-- WORK ITEM --
From the entries below, please output exactly the lines starting at the one containing "Length unit declared in the file: inch" and ending at the one containing "#249=CARTESIAN_POINT('',(-0.835,0.446,0.734));", both included.

==== DATASET EXTRACT ====

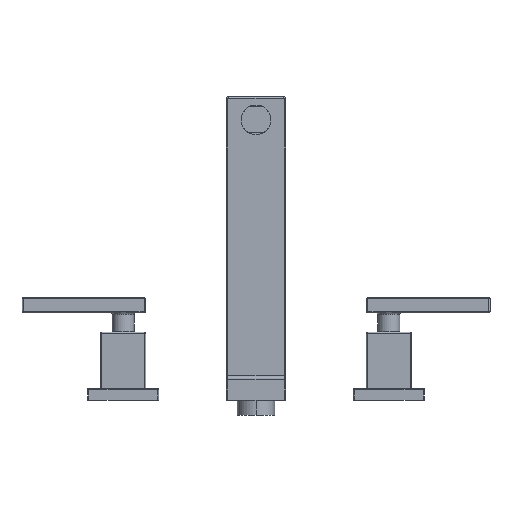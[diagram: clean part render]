
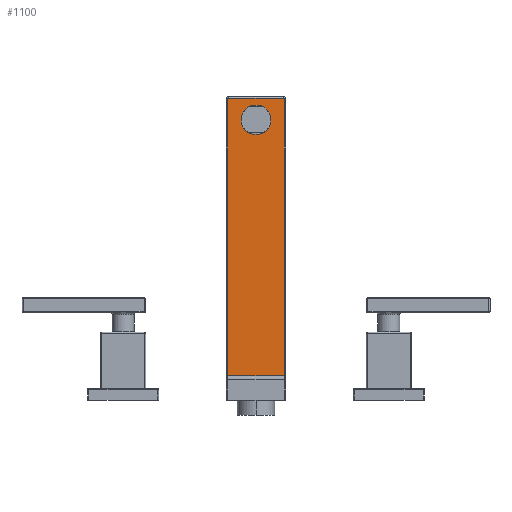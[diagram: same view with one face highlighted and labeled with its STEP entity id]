
A CAD part, front view. The second image highlights one B-rep face of the part: STEP entity #1100.
In plain terms, the highlighted planar face has unit normal (0, -1, 0).
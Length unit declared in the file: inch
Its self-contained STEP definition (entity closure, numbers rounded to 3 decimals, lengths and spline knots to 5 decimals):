
#233=DIRECTION('',(0.,0.,-1.));
#234=VECTOR('',#233,8.206);
#235=CARTESIAN_POINT('',(0.835,0.446,8.94));
#236=LINE('',#235,#234);
#240=DIRECTION('',(1.,0.,0.));
#241=VECTOR('',#240,1.67);
#242=CARTESIAN_POINT('',(-0.835,0.446,0.734));
#243=LINE('',#242,#241);
#247=DIRECTION('',(0.,0.,1.));
#248=VECTOR('',#247,8.206);
#249=CARTESIAN_POINT('',(-0.835,0.446,0.734));
#250=LINE('',#249,#248);
#254=CARTESIAN_POINT('',(-0.815,0.446,8.94));
#255=DIRECTION('',(0.,1.,0.));
#256=DIRECTION('',(-1.,0.,0.));
#257=AXIS2_PLACEMENT_3D('',#254,#255,#256);
#262=DIRECTION('',(1.,0.,0.));
#263=VECTOR('',#262,1.63);
#264=CARTESIAN_POINT('',(-0.815,0.446,8.96));
#265=LINE('',#264,#263);
#269=CARTESIAN_POINT('',(0.815,0.446,8.94));
#270=DIRECTION('',(0.,1.,0.));
#271=DIRECTION('',(0.,0.,1.));
#272=AXIS2_PLACEMENT_3D('',#269,#270,#271);
#277=CARTESIAN_POINT('',(0.,0.446,8.32));
#278=DIRECTION('',(0.,-1.,0.));
#279=DIRECTION('',(1.,0.,0.));
#280=AXIS2_PLACEMENT_3D('',#277,#278,#279);
#285=CARTESIAN_POINT('',(0.,0.446,8.32));
#286=DIRECTION('',(0.,-1.,0.));
#287=DIRECTION('',(-1.,0.,0.));
#288=AXIS2_PLACEMENT_3D('',#285,#286,#287);
#899=CARTESIAN_POINT('',(0.835,0.446,0.734));
#900=VERTEX_POINT('',#899);
#903=CARTESIAN_POINT('',(0.835,0.446,8.94));
#904=VERTEX_POINT('',#903);
#909=CARTESIAN_POINT('',(-0.835,0.446,0.734));
#910=CARTESIAN_POINT('',(-0.835,0.446,8.94));
#911=VERTEX_POINT('',#909);
#912=VERTEX_POINT('',#910);
#951=CARTESIAN_POINT('',(0.815,0.446,8.96));
#952=VERTEX_POINT('',#951);
#955=CARTESIAN_POINT('',(-0.815,0.446,8.96));
#956=VERTEX_POINT('',#955);
#993=CARTESIAN_POINT('',(0.4375,0.446,8.32));
#994=CARTESIAN_POINT('',(-0.4375,0.446,8.32));
#995=VERTEX_POINT('',#993);
#996=VERTEX_POINT('',#994);
#1076=CARTESIAN_POINT('',(-0.875,0.446,9.));
#1077=DIRECTION('',(0.,-1.,0.));
#1078=DIRECTION('',(0.,0.,-1.));
#1079=AXIS2_PLACEMENT_3D('',#1076,#1077,#1078);
#1080=PLANE('',#1079);
#1082=ORIENTED_EDGE('',*,*,#1081,.T.);
#1084=ORIENTED_EDGE('',*,*,#1083,.F.);
#1085=ORIENTED_EDGE('',*,*,#1066,.T.);
#1087=ORIENTED_EDGE('',*,*,#1086,.T.);
#1089=ORIENTED_EDGE('',*,*,#1088,.T.);
#1091=ORIENTED_EDGE('',*,*,#1090,.T.);
#1092=EDGE_LOOP('',(#1082,#1084,#1085,#1087,#1089,#1091));
#1093=FACE_OUTER_BOUND('',#1092,.F.);
#1095=ORIENTED_EDGE('',*,*,#1094,.T.);
#1097=ORIENTED_EDGE('',*,*,#1096,.T.);
#1098=EDGE_LOOP('',(#1095,#1097));
#1099=FACE_BOUND('',#1098,.F.);
#258=CIRCLE('',#257,0.02);
#273=CIRCLE('',#272,0.02);
#281=CIRCLE('',#280,0.4375);
#289=CIRCLE('',#288,0.4375);
#1066=EDGE_CURVE('',#911,#912,#250,.T.);
#1081=EDGE_CURVE('',#904,#900,#236,.T.);
#1083=EDGE_CURVE('',#911,#900,#243,.T.);
#1086=EDGE_CURVE('',#912,#956,#258,.T.);
#1088=EDGE_CURVE('',#956,#952,#265,.T.);
#1090=EDGE_CURVE('',#952,#904,#273,.T.);
#1094=EDGE_CURVE('',#995,#996,#281,.T.);
#1096=EDGE_CURVE('',#996,#995,#289,.T.);
#1100=ADVANCED_FACE('',(#1093,#1099),#1080,.T.);

====

-- YOUR SOLUTION --
Length unit declared in the file: inch
Its self-contained STEP definition (entity closure, numbers rounded to 3 decimals, lengths and spline knots to 5 decimals):
#233=DIRECTION('',(0.,0.,-1.));
#234=VECTOR('',#233,8.206);
#235=CARTESIAN_POINT('',(0.835,0.446,8.94));
#236=LINE('',#235,#234);
#240=DIRECTION('',(1.,0.,0.));
#241=VECTOR('',#240,1.67);
#242=CARTESIAN_POINT('',(-0.835,0.446,0.734));
#243=LINE('',#242,#241);
#247=DIRECTION('',(0.,0.,1.));
#248=VECTOR('',#247,8.206);
#249=CARTESIAN_POINT('',(-0.835,0.446,0.734));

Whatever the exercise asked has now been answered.